All entries are to be reproduced exactly; the pictures are to be omitted.

Source data
■ ■ ■ ■
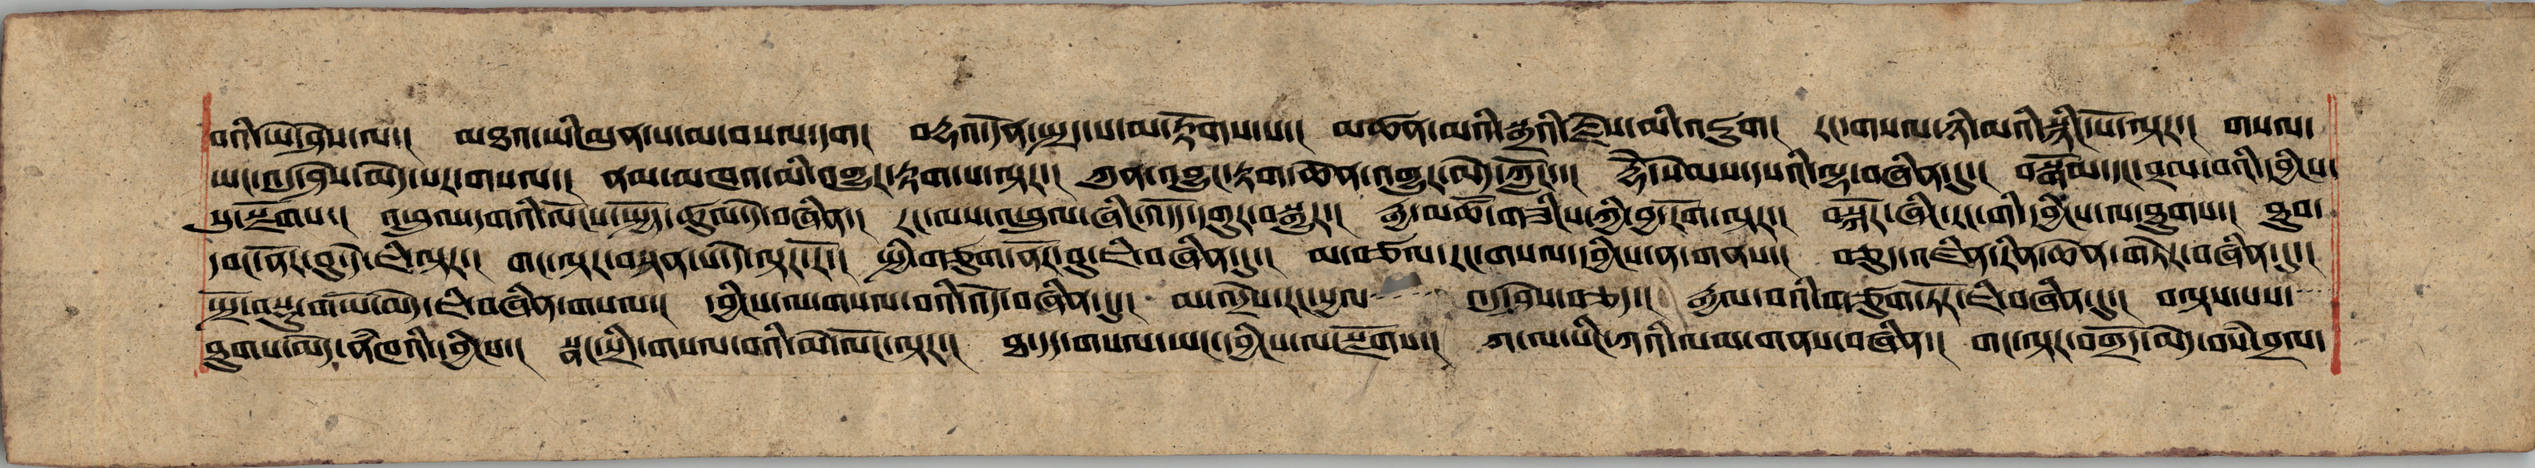བའི་ཡེ་ཤེས་ལ་། མཐའ་ཡི་མུན་པ་མ་བསལ་དག། བརྡའ་དོན་སྤྲད་པ་མ་རྟོགས་པ་། མཚན་མའི་སྒྲའི་རྗེས་མི་འཇུག། རང་གསལ་ཉི་མའི་སྙིང་པོ་ལྟར་། གསལ་
ཡང་འདུ་ཤེས་མེད་པར་གསལ་། ནམ་མཁའ་མི་འགྱུར་རྟག་པ་ཤར་། ཀུན་འབྱུང་རྟག་ཆེན་འགྱུར་མེད་ཀློང་་། རྡོེ་སེམས་དཔའི་ལྷ་བཞིན་དུ་། བསྒོམ་དང་བྲལ་བའི་དབྱིངས་
སུ་སྫོགས་། འཕྲུལ་དགའི་ལོངས་སྤྱོད་ཚུལ་དེ་བཞིན་། རང་ལས་འཕྲུལ་ཞིང་འདོད་དགུར་བསྒྱུར་། རྒྱ་མཚོ་གཟིངས་ཀྱི་བྱ་རོག་ལྟར་། བསྐོར་ཞིང་རང་གི་དབྱིངས་ལ་ཐུགས་། ཐུབ་
དབང་ནོར་བུ་དེ་ཇི་ལྟར་། གང་ལྟར་བསྟན་པ་དེ་ལྟར་རོ་། སྤྱི་གཙུག་ནོར་བུ་ཇི་བཞིན་དུ་། མ་བཙལ་རང་གསལ་དབྱིངས་ན་གནས་། བཅུད་འཛིན་རིན་ཆེན་གཏེར་བཞིན་དུ་།
སྤྲོ་བསྡུ་གཡོ་མེད་ཇི་བཞིན་གསལ་། དབྱིངས་ལ་གསལ་བའི་འོད་བཞིན་དུ་། མ་འདྲེས་རང་སྱལ་འདུ་ཤེས་བཅད་། རྒྱལ་བའི་གཙུག་ཏོར་ཇི་བཞིན་དུ་། བལྟས་པས་
ཐུགས་མེད་ནཾཁའི་དབྱིངས་། སྣང་སྲིད་གསལ་བའི་མེ་ལོང་ལྟར་། ཐ་དད་གསལ་ཡང་དབྱིངས་ལ་སྫོགས་། ཀ་ལ་པིང་ལའི་ལམ་གནས་བཞིན་། གང་ལྟར་བགྲོད་མེད་བསཾ་བྲལ་
■ ■ ■ ■
## TASK SOLUTION
བའི་ཡེ་ཤེས་ལ་། མཐའ་ཡི་མུན་པ་མ་བསལ་དག། བརྡའ་དོན་སྤྲད་པ་མ་རྟོགས་པ་། མཚན་མའི་སྒྲའི་རྗེས་མི་འཇུག། རང་གསལ་ཉི་མའི་སྙིང་པོ་ལྟར་། གསལ་
ཡང་འདུ་ཤེས་མེད་པར་གསལ་། ནམ་མཁའ་མི་འགྱུར་རྟག་པ་ཤར་། ཀུན་འབྱུང་རྟག་ཆེན་འགྱུར་མེད་ཀློང་་། རྡོེ་སེམས་དཔའི་ལྷ་བཞིན་དུ་། བསྒོམ་དང་བྲལ་བའི་དབྱིངས་
སུ་སྫོགས་། འཕྲུལ་དགའི་ལོངས་སྤྱོད་ཚུལ་དེ་བཞིན་། རང་ལས་འཕྲུལ་ཞིང་འདོད་དགུར་བསྒྱུར་། རྒྱ་མཚོ་གཟིངས་ཀྱི་བྱ་རོག་ལྟར་། བསྐོར་ཞིང་རང་གི་དབྱིངས་ལ་ཐུགས་། ཐུབ་
དབང་ནོར་བུ་དེ་ཇི་ལྟར་། གང་ལྟར་བསྟན་པ་དེ་ལྟར་རོ་། སྤྱི་གཙུག་ནོར་བུ་ཇི་བཞིན་དུ་། མ་བཙལ་རང་གསལ་དབྱིངས་ན་གནས་། བཅུད་འཛིན་རིན་ཆེན་གཏེར་བཞིན་དུ་།
སྤྲོ་བསྡུ་གཡོ་མེད་ཇི་བཞིན་གསལ་། དབྱིངས་ལ་གསལ་བའི་འོད་བཞིན་དུ་། མ་འདྲེས་རང་སྱལ་འདུ་ཤེས་བཅད་། རྒྱལ་བའི་གཙུག་ཏོར་ཇི་བཞིན་དུ་། བལྟས་པས་
ཐུགས་མེད་ནཾཁའི་དབྱིངས་། སྣང་སྲིད་གསལ་བའི་མེ་ལོང་ལྟར་། ཐ་དད་གསལ་ཡང་དབྱིངས་ལ་སྫོགས་། ཀ་ལ་པིང་ལའི་ལམ་གནས་བཞིན་། གང་ལྟར་བགྲོད་མེད་བསཾ་བྲལ་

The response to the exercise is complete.